D. MANFAAT PENELITIAN
Manfaat dilakukannya penelitian ini antara lain :
1. Memberikan informasi mengenai kondisi usaha industri gula merah tebu yang saat ini dilakukan oleh masyarakat di Kecamatan Kebonsari, Kabupaten Madiun.

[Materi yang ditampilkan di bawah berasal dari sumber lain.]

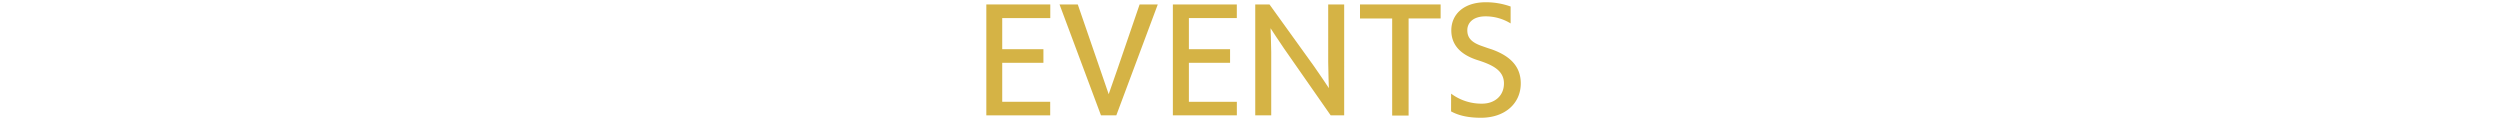 <svg id="画像" xmlns="http://www.w3.org/2000/svg" viewBox="0 0 1125 54"><defs><style>.cls-1{fill:#d5b345;}</style></defs><path class="cls-1" d="M443.85,51.91V2h28.78V8.14H451v14h18.54v6.12H451V45.8h21.59v6.11Z"/><path class="cls-1" d="M495.44,51.91,476.79,2H485l10.13,29.39,3.78,11,3.84-11L512.83,2H521L502.34,51.91Z"/><path class="cls-1" d="M527.79,51.91V2h28.78V8.14H535v14h18.53v6.12H535V45.8h21.58v6.11Z"/><path class="cls-1" d="M598.81,51.91l-21-30.1c-1.85-2.63-6.06-9.11-6.06-9.11s.3,7.25.3,10.85V51.91h-7.19V2h6.41l20,27.77c2.29,3.18,6.72,9.89,6.72,9.89s-.3-8.09-.3-11.63V2h7.19V51.91Z"/><path class="cls-1" d="M626.48,52V8.32H612V2h36.28v6.3H633.87V52Z"/><path class="cls-1" d="M653,42.14a22.78,22.78,0,0,0,14,4.5c5.34,0,9.78-3.3,9.78-9.12,0-6-5.52-8.45-11.94-10.49-8.21-2.64-11.75-7.32-11.75-13.37,0-7,5.34-12.65,15.53-12.65a33.09,33.09,0,0,1,11.16,1.92l0,7.61a21.38,21.38,0,0,0-11.32-3.18c-5.52,0-8.17,2.88-8.17,6.24s1.81,5.52,6.78,7.19c1,.36,3.6,1.26,3.91,1.32,7.54,2.64,13.37,7,13.37,15.41,0,8.94-7,15.47-17.93,15.47-4.8,0-9.55-.71-13.44-2.87Z"/></svg>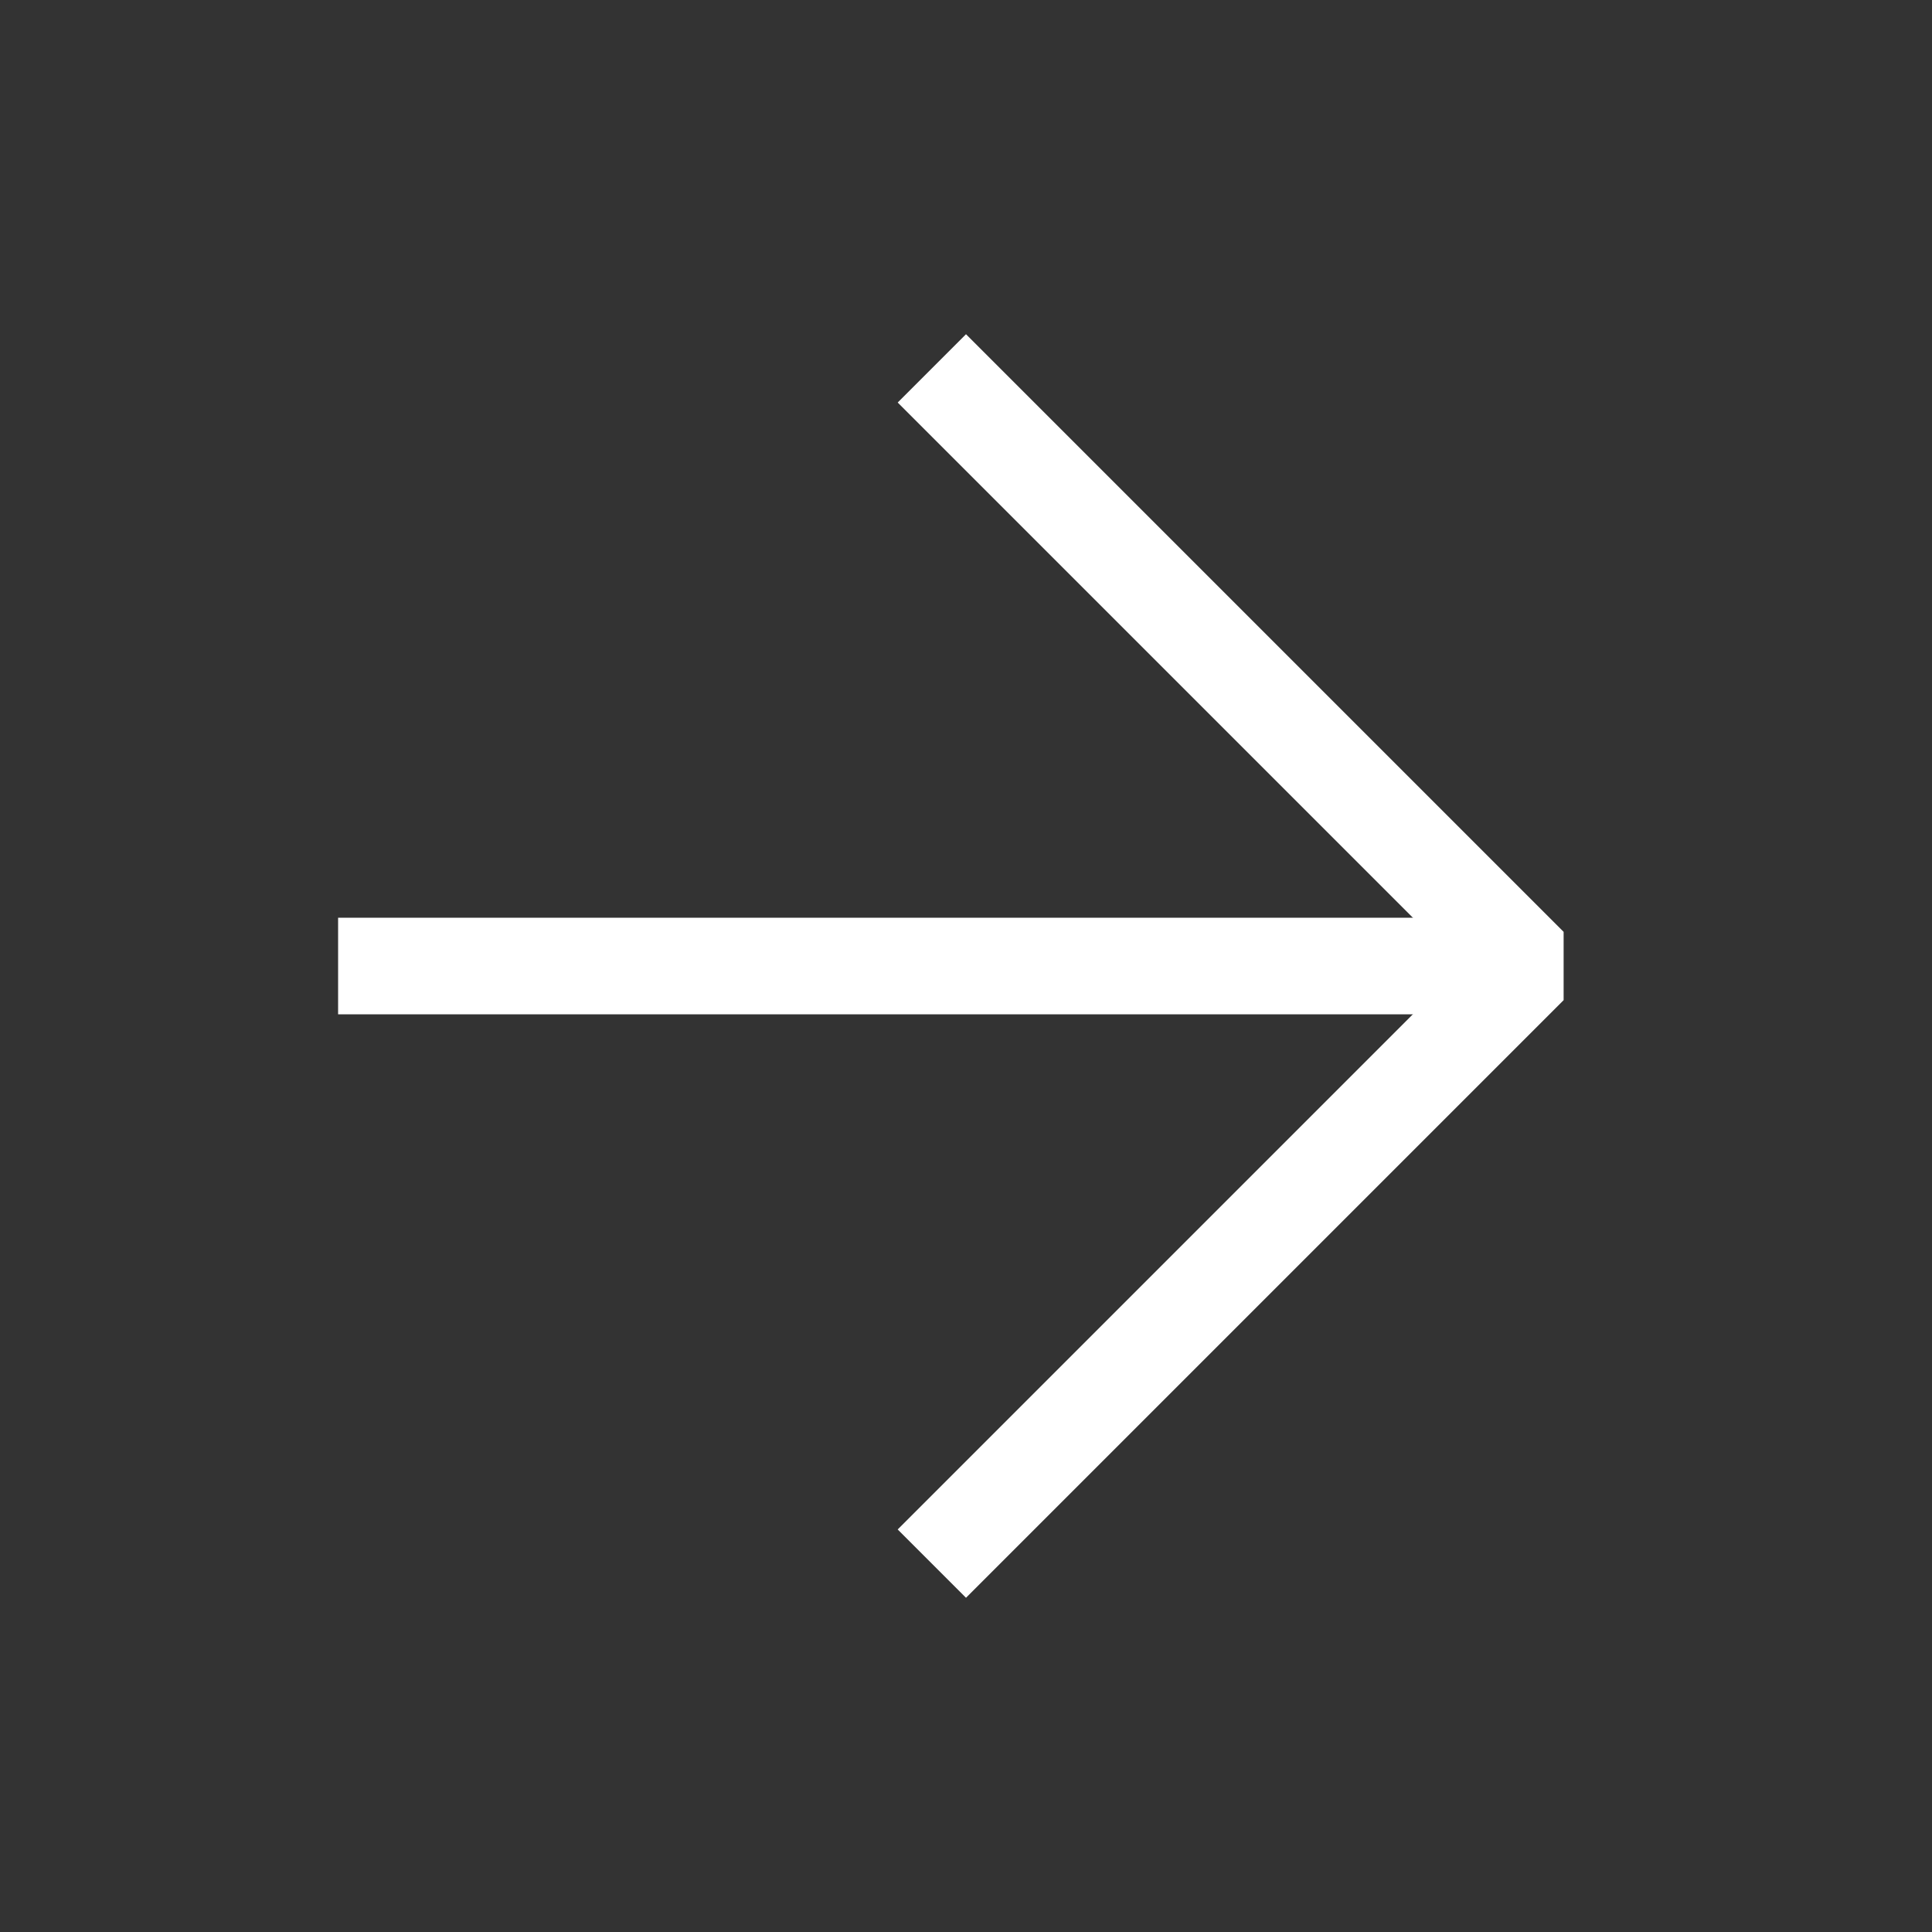 <?xml version="1.0" encoding="UTF-8"?> <svg xmlns="http://www.w3.org/2000/svg" width="20" height="20" viewBox="0 0 20 20" fill="none"><rect x="0" y="0" width="20" height="20" fill="#333333" stroke="none"/><path d="M4 10H15" stroke="white" stroke-linecap="square" stroke-linejoin="bevel"></path><path d="M10 4.167L15.833 10L10 15.833" stroke="white" stroke-linecap="square" stroke-linejoin="bevel"></path></svg>

2. Melakukan perbaikan tata letak dan fasilitas pabrik gula merah tebu yang diharapkan akan memperbaiki mutu dan kualitas gula merah yang dihasilkan. 3. Mengidentifikasi berbagai permasalahan dalam industri gula merah tebu serta
memberikan rekomendasi yang diharapkan mampu menyelesaikan permasalahan tersebut.
(17)
II.
TINJAUAN PUSTAKA
A. INDUSTRI KECIL
Menurut Undang-Undang No 9 Tahun 1995 tentang Usaha Kecil, definisi industri kecil adalah kegiatan ekonomi yang dilakukan oleh perseorangan atau rumah-tangga maupun suatu badan, bertujuan untuk memproduksi barang ataupun jasa untuk diperniagakan secara komersial, yang mempunyai kekayaan bersih paling banyak Rp 200 juta, dan mempunyai nilai penjualan per tahun sebesar Rp 1 milyar atau kurang.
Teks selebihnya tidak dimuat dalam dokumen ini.